» TASK GOAL: Set down a true copy of the data, with all pictures left out.

Data entries
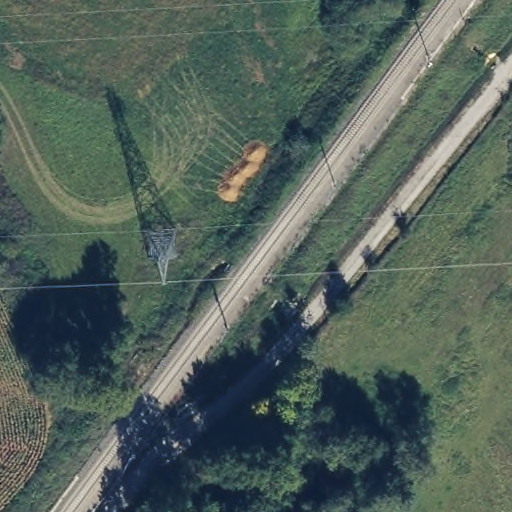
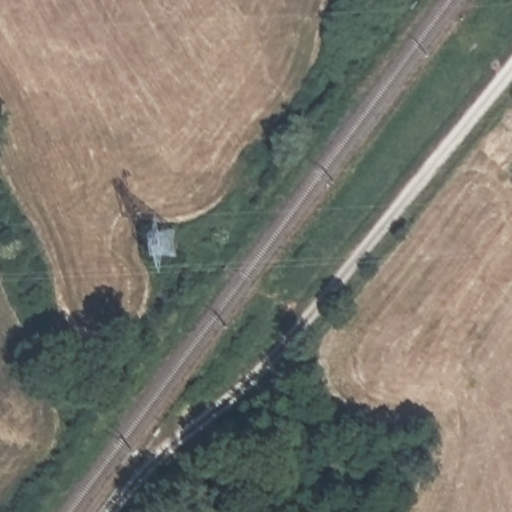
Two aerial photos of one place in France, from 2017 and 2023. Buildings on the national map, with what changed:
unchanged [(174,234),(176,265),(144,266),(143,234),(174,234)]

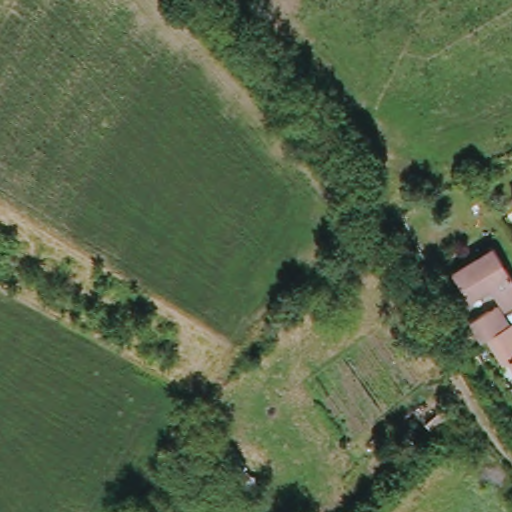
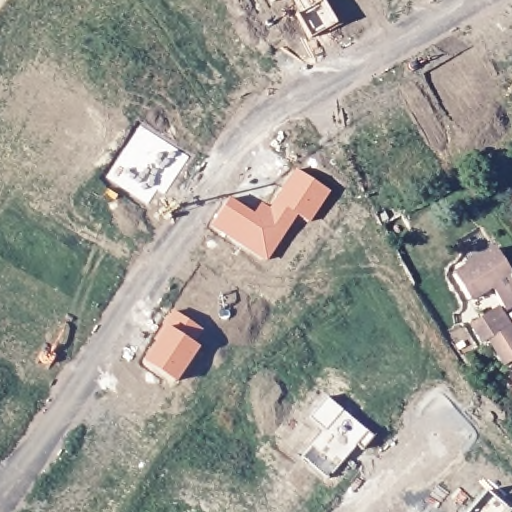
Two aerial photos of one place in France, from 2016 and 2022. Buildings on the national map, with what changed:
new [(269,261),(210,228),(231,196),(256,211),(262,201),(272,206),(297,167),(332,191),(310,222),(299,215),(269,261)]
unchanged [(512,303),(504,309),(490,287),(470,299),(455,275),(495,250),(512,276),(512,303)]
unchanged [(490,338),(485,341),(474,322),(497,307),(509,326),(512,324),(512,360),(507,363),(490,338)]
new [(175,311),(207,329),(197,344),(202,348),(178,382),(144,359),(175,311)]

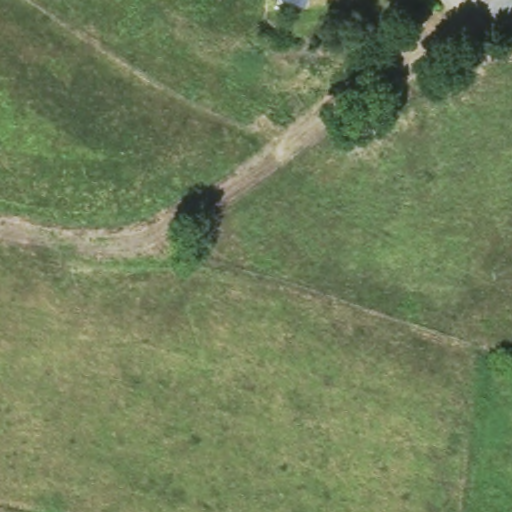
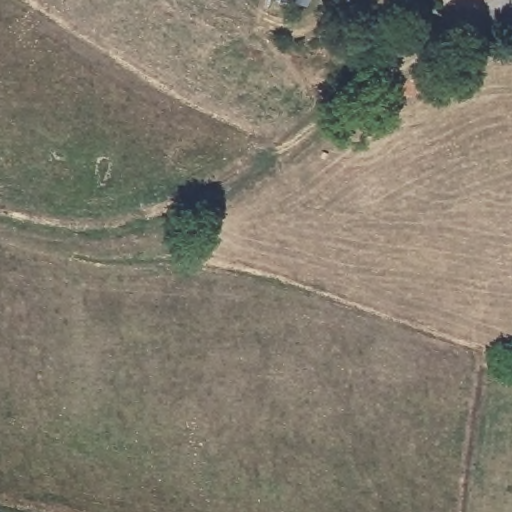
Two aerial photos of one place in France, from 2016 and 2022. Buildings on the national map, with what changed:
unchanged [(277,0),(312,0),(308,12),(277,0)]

» THE ANSWER:
Two aerial photos of one place in France, from 2017 and 2023. Buildings on the national map, with what changed:
unchanged [(174,234),(176,265),(144,266),(143,234),(174,234)]

Two aerial photos of one place in France, from 2016 and 2022. Buildings on the national map, with what changed:
new [(269,261),(210,228),(231,196),(256,211),(262,201),(272,206),(297,167),(332,191),(310,222),(299,215),(269,261)]
unchanged [(512,303),(504,309),(490,287),(470,299),(455,275),(495,250),(512,276),(512,303)]
unchanged [(490,338),(485,341),(474,322),(497,307),(509,326),(512,324),(512,360),(507,363),(490,338)]
new [(175,311),(207,329),(197,344),(202,348),(178,382),(144,359),(175,311)]

Two aerial photos of one place in France, from 2016 and 2022. Buildings on the national map, with what changed:
unchanged [(277,0),(312,0),(308,12),(277,0)]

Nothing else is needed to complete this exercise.